Miss Henderson had circled a word in his essay and written, “You don’t know what this means.” But he had looked it up in the thesaurus! It was a synonym of spirit! So how could he be wrong to talk about “finding the right chimera”? Such a nice, shimmering word, too, like a ghost or a ghostly chiffon wrap. “Shimera!”

I’d never seen the word before either. It was high school, and his outrage seemed quite reasonable to me. It was some time before I learned what a chimera actually is, and even longer before I learned that the ch is pronounced “k.”

The joke on Cliff was that he had already found the right chimera. It’s called the English language.

What, historically, is a chimera? First of all, it’s also a chimæra. The æ is the Latin spelling, seen in some English versions though lost in the French chimère that was the immediate source of the English word (some writers changed it back to match its glorious classical origins). The Latin got it in turn from the Greek, χίμαιρα khimaira – note that that χ that I render as kh is before a high front vowel and could be like the ch in German ich, which is as close to “sh” as to “kh,” but phonemically it is nonetheless “kh.” But we in Modern English, having neither sound, just harden it to “k.”

A chimera is a mythical creature.
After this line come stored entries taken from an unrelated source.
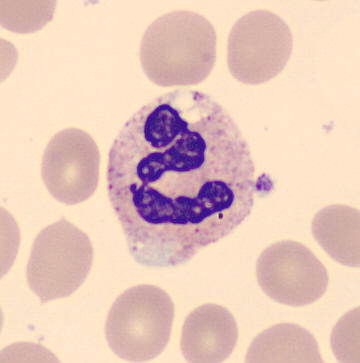 Showing a polymorphonuclear neutrophil. Acquisition: Peripheral blood film; CellaVision DM96.
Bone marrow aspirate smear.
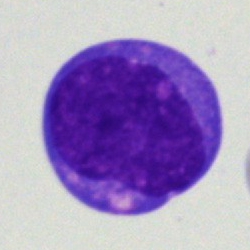A blast.
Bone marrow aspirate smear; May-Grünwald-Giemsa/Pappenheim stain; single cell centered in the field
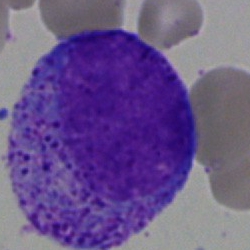

Morphology — promyelocyte.
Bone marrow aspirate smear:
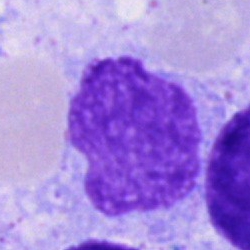 Single cell identified as an artifact.
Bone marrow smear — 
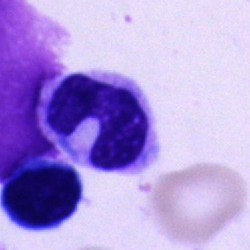 Q: Identify the cell.
A: This is a stab cell.
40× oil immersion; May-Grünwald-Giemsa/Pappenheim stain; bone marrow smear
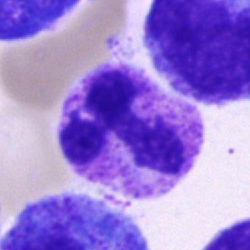

Q: What type of cell is this?
A: It is a segmented neutrophil.
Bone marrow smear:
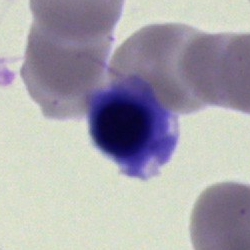

Morphological class: erythroblast.
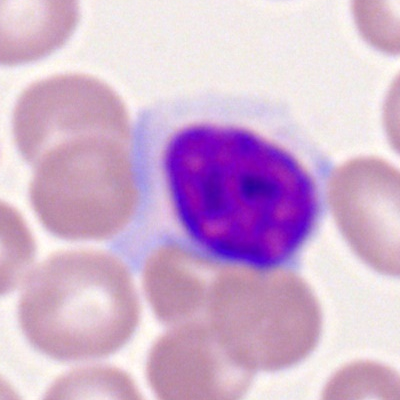
Impression → lymphocyte.
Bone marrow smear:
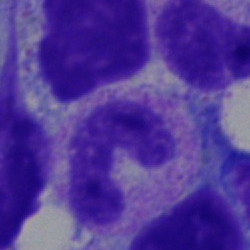{"cell_type": "neutrophil (segmented)"}
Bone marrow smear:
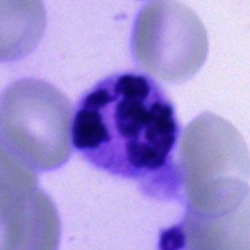 {"cell_type": "polymorphonuclear neutrophil", "lineage": "myeloid"}
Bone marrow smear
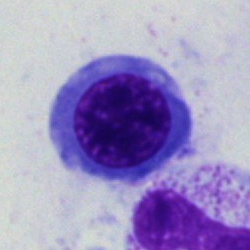Cell — nucleated red cell.
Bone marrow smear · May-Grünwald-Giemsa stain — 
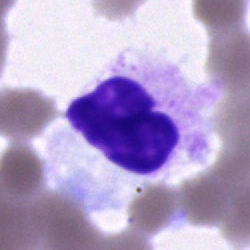

Morphology consistent with an artefact.
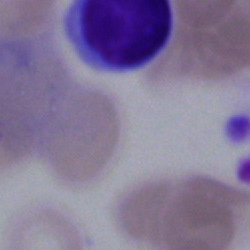

Morphological class — artifact.
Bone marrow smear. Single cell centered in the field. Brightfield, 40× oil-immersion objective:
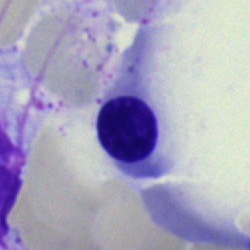

The morphological class is nucleated red cell.
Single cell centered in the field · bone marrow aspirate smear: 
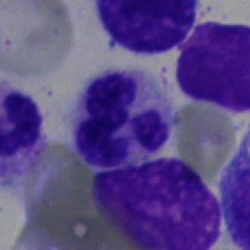 This is a polymorphonuclear neutrophil.
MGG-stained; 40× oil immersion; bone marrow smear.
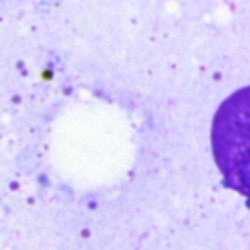Morphology consistent with an artifact.
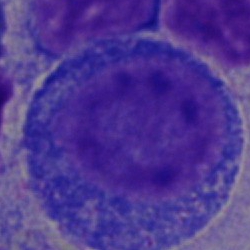
Impression → progranulocyte.
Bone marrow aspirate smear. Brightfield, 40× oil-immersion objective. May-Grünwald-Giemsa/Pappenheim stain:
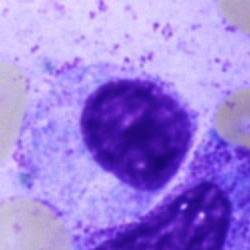 This is a myelocyte.
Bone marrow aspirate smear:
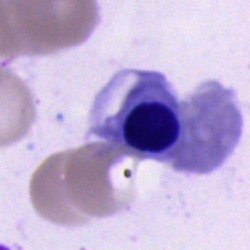
The cell type is nucleated red cell.
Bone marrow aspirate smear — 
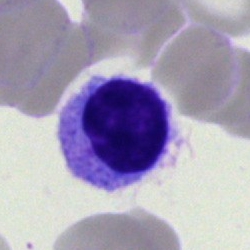

This is a typical lymphocyte.
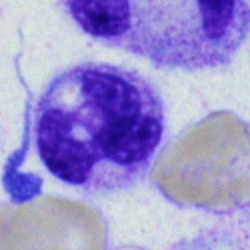
A segmented neutrophil on a bone marrow smear.
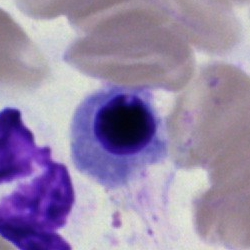

Q: What type of cell is this?
A: It is an erythroblast.
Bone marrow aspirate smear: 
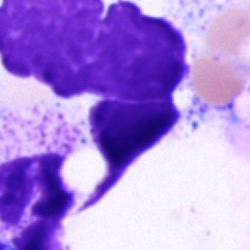

Q: What is shown here?
A: This is an artifact.
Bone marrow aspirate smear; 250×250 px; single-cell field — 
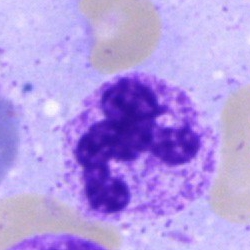A polymorphonuclear neutrophil.
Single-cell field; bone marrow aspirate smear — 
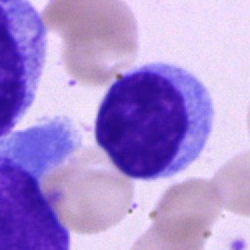
Q: Identify the cell.
A: This is a lymphocyte.
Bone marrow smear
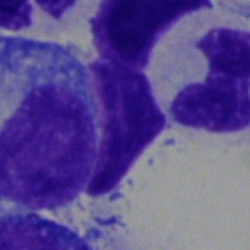 Morphological class: cell of indeterminate lineage.
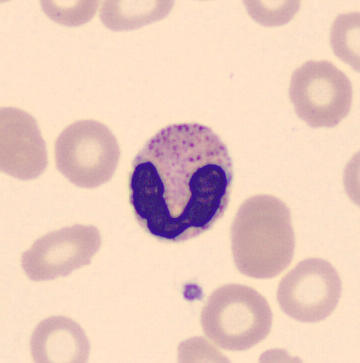
This is a band neutrophil.

Preparation: Peripheral blood smear; MGG-stained; imaged on a CellaVision DM96 analyser.
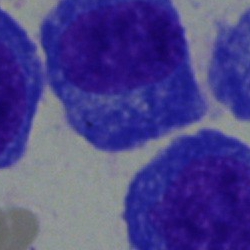

Plasmacyte.
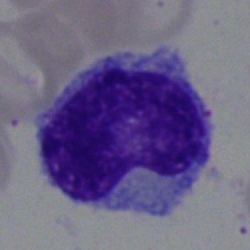The cell type is metamyelocyte.
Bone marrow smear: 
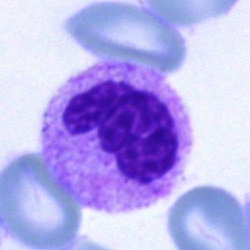Single cell identified as a polymorphonuclear neutrophil.
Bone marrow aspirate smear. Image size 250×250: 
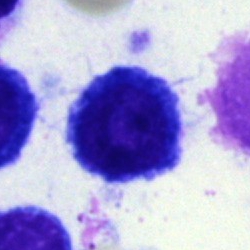The cell type is cell of indeterminate lineage.
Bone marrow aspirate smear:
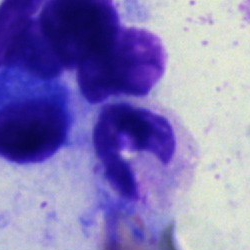 Cell type: neutrophil (segmented).
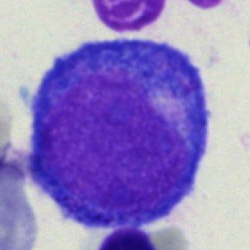Showing a proerythroblast.
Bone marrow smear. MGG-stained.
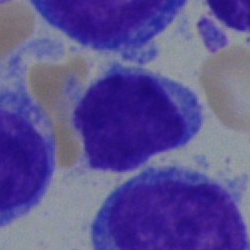
Specimen: bone marrow aspirate smear.
Morphological class: typical lymphocyte.
Lineage: lymphoid.
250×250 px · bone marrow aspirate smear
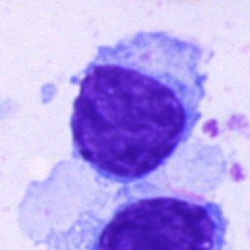Showing a lymphocyte.
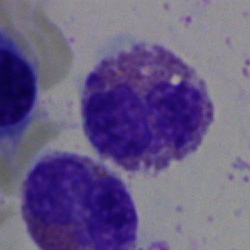

The morphological class is eosinophilic granulocyte.
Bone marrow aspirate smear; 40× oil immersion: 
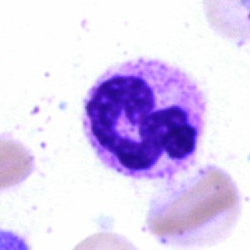
Q: Identify the cell.
A: Segmented neutrophil.
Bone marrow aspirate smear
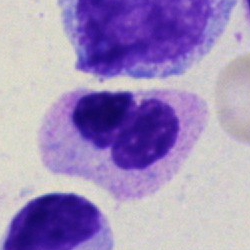
Morphology consistent with a polymorphonuclear neutrophil.
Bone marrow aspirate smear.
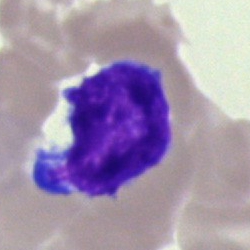

Cell — typical lymphocyte.
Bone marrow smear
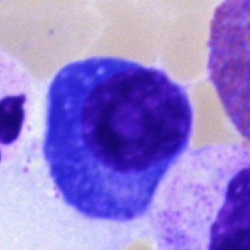 This is a plasma cell.
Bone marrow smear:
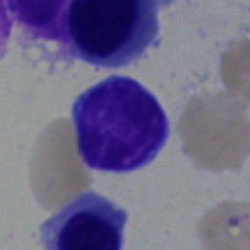

{"cell_type": "typical lymphocyte"}
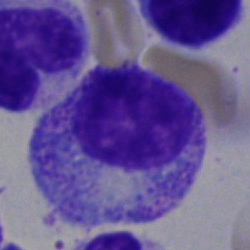
Q: What is the morphological classification of this cell?
A: It is a promyelocyte.
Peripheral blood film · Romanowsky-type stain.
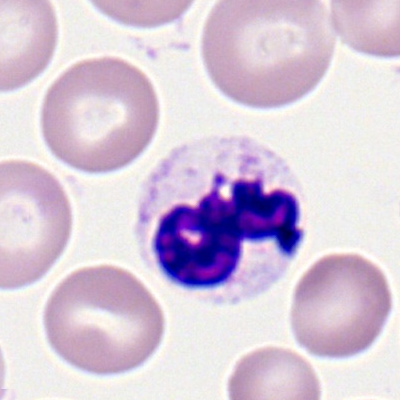 Impression → polymorphonuclear neutrophil.
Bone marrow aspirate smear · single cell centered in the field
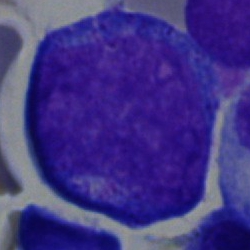A promyelocyte.

It is made of parts from a lion, a goat, and a serpent, and it breathes fire; in Homer, it was slain by the hero Bellerophon riding on Pegasus. By extension, chimera refers to any creature made of wildly disparate parts, or to any implausible fantasy. Or, as the Oxford English Dictionary puts it, “An unreal creature of the imagination, a mere wild fancy; an unfounded conception.” Like if you had to fight a dungeon monster made of reanimated hash. Or rehashed animals. The chimera has been quite catchy in popular culture too, as Wikipedia gladly manifests. It is like a camera on America, an avatar of the hyperreal. There are also fish of the order Chimaeriformes, most notably Chimaera monstrosa, also called the rabbitfish or ratfish. Chimeras are, as Buck 65 puts it, wicked and weird.
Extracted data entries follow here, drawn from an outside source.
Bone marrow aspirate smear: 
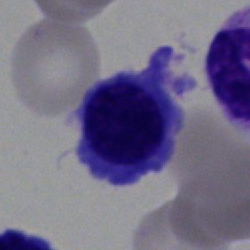
Q: What type of cell is this?
A: This is a nucleated red blood cell.
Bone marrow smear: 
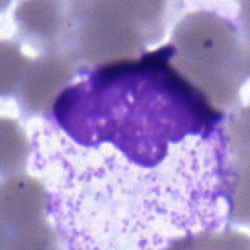 A metamyelocyte.
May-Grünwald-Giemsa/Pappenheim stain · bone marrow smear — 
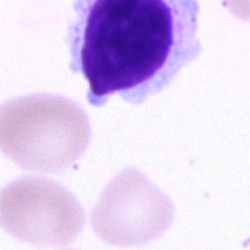

Morphological class: artefact.
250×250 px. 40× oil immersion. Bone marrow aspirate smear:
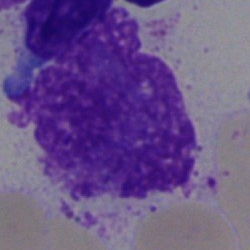Single cell identified as an artifact.
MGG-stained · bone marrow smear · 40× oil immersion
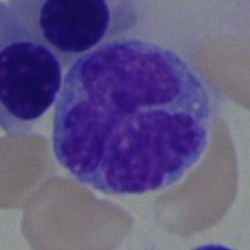
The cell is monocyte.
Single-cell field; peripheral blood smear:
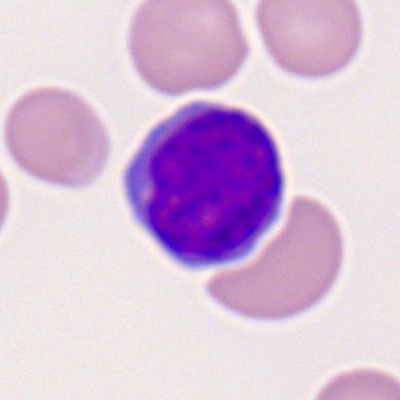
Q: Identify the cell.
A: A typical lymphocyte.
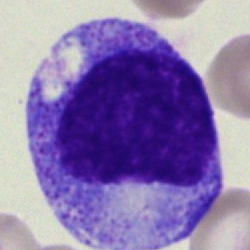The classification is progranulocyte.
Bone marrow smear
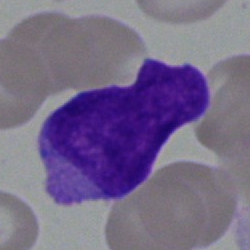Cell type = blast.
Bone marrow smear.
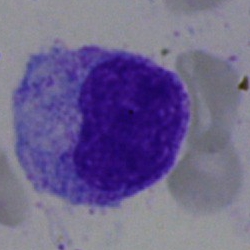

This is a myelocyte.
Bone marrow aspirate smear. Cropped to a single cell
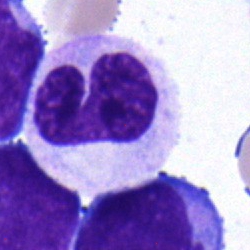
The morphological class is stab cell.

And so is English: a West Germanic language that displaced a Celtic language and was heavily changed under the influence of invading Scandinavians who had settled in France and brought their version of French to England, and other invading Scandinavians who came directly from different parts of Scandinavia, and that has in more recent times augmented its vocabulary heavily with bits from Latin, Greek, Italian, Spanish, Japanese, Polynesian languages, Algonkian languages, and, frankly, everywhere. And it has things that look like one thing but are another (ch, anyone?) and things that are sometimes there and sometimes not, or sometimes one thing and sometimes another (is the e version more likable, or is the æ version more likeable?). Whatever you think you have, you don’t have, or you have two of. Every allusion is an illusion, every illusion an allusion.

But you don’t need to be Bellerophon: you don’t need to slay the chimera that is English. You just need to find the right spirit.

euge

This word may bring to mind a preferred adjective of a paradoxically half-baked yet overdone blowhard. “Yuge! It’s gonna be yuge!” It looks like another way of spelling it, doesn’t it? One that is simultaneously quasi-classical-looking and yet iconic of a revulsion reaction, the cut-eye glance e e with the ug in the middle like a thought balloon.
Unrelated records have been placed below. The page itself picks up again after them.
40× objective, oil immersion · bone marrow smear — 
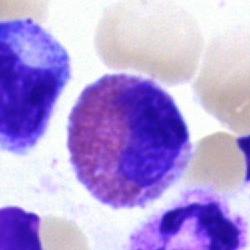 Q: What cell is this?
A: This is an eosinophil.
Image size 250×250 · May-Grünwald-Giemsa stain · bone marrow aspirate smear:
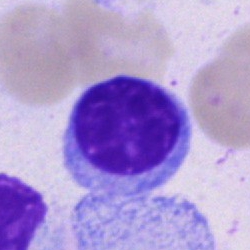
Impression → typical lymphocyte.
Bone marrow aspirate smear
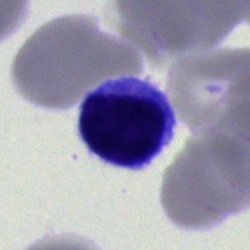
Q: Identify the cell.
A: Lymphocyte.
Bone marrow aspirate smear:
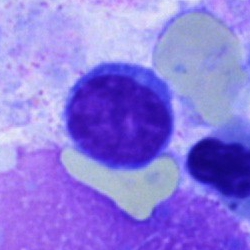 {"cell_type": "typical lymphocyte", "lineage": "lymphoid"}
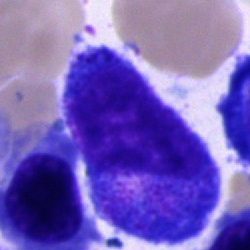
The cell type is progranulocyte.
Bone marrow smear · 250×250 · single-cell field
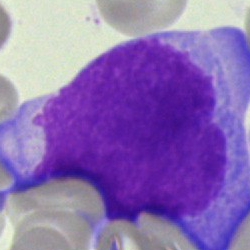

Cell type = blast.
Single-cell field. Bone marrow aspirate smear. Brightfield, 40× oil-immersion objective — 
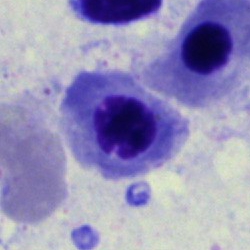 Cell type = nucleated red blood cell.
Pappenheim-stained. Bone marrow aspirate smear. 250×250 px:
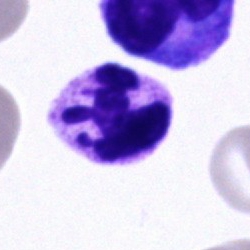
The cell is segmented neutrophil.
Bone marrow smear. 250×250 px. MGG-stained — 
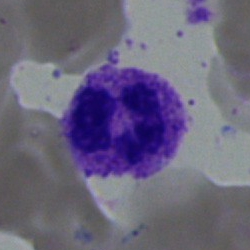Cell: neutrophil (segmented).
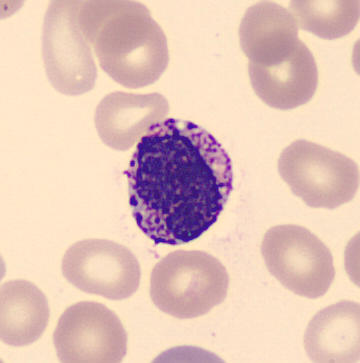Impression → basophil.

Preparation: Peripheral blood smear.
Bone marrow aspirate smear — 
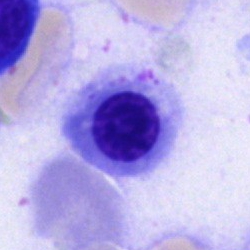
This is a nucleated red blood cell.
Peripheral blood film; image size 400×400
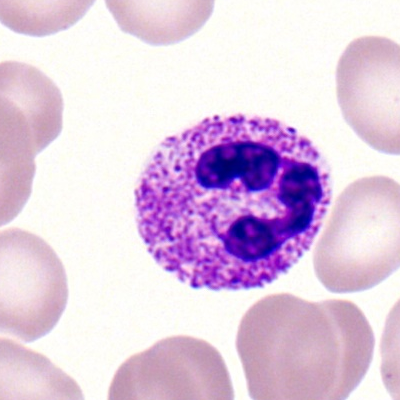Morphology consistent with a segmented neutrophil.
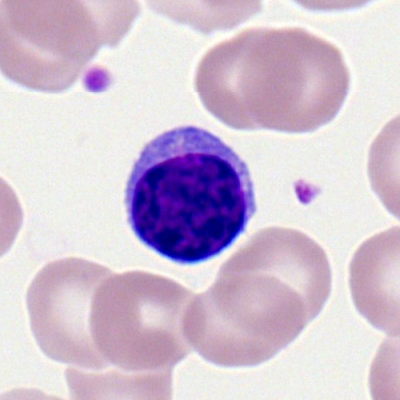

{"cell_type": "typical lymphocyte", "lineage": "lymphoid"}
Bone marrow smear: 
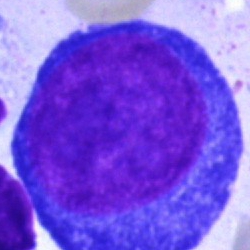 Morphological class = pronormoblast.
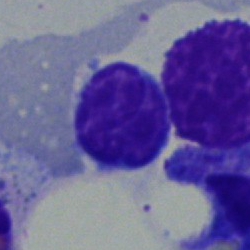Q: What type of cell is this?
A: A lymphocyte.
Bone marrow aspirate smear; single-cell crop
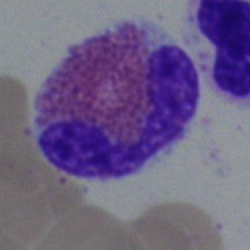Q: Identify the cell.
A: It is an eosinophilic granulocyte.
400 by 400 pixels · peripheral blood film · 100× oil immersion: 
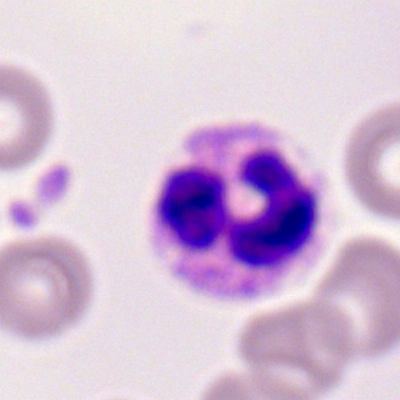

Classification = polymorphonuclear neutrophil.

But this is a word seasoned by time. It manifests another paradox: that truly well done things are rare.

Is this word well done? Would I steak my name on that? Sorry, I mean stake? I could. It is a Greek bearing a gift. It comes from εὖγε euge, the bits being eu ‘well, good’ (as in eulogy, euphoria, euthanasia) and ge ‘done’. It was a cry of approbation in Greek, and was borrowed whole cloth into Latin.

But how was it pronounced? In the original Greek, it would have been two syllables, something like /ɛw gɛ/. The pronunciation of Greek has progressed over the ages so that in modern Greek (where it still exists) it is said /ɛv jɛ/ (i.e., “ev yeh”). But when Latin took it, it gained a syllable: /e u ge/. Shouted (as one may with such praise), it sounds a bit like an old car horn – just a little higher in the front than the classic “ah-oo-gah.”

But, you know, English has developed its own ways of saying words borrowed from Greek and Latin. We know how we say Eugene, which comes from Greek for ‘well bred’ (the gene from the same root as genesis and generation – and gene, for that matter). The correct English pronunciation of euge, when it’s actually said, is /ju d͜ʒi/ (i.e., “you gee” – in other words, Eugene without the /n/). The ferment and curing of the ages can have profound effects, and whether you think they are improvements is a matter of taste.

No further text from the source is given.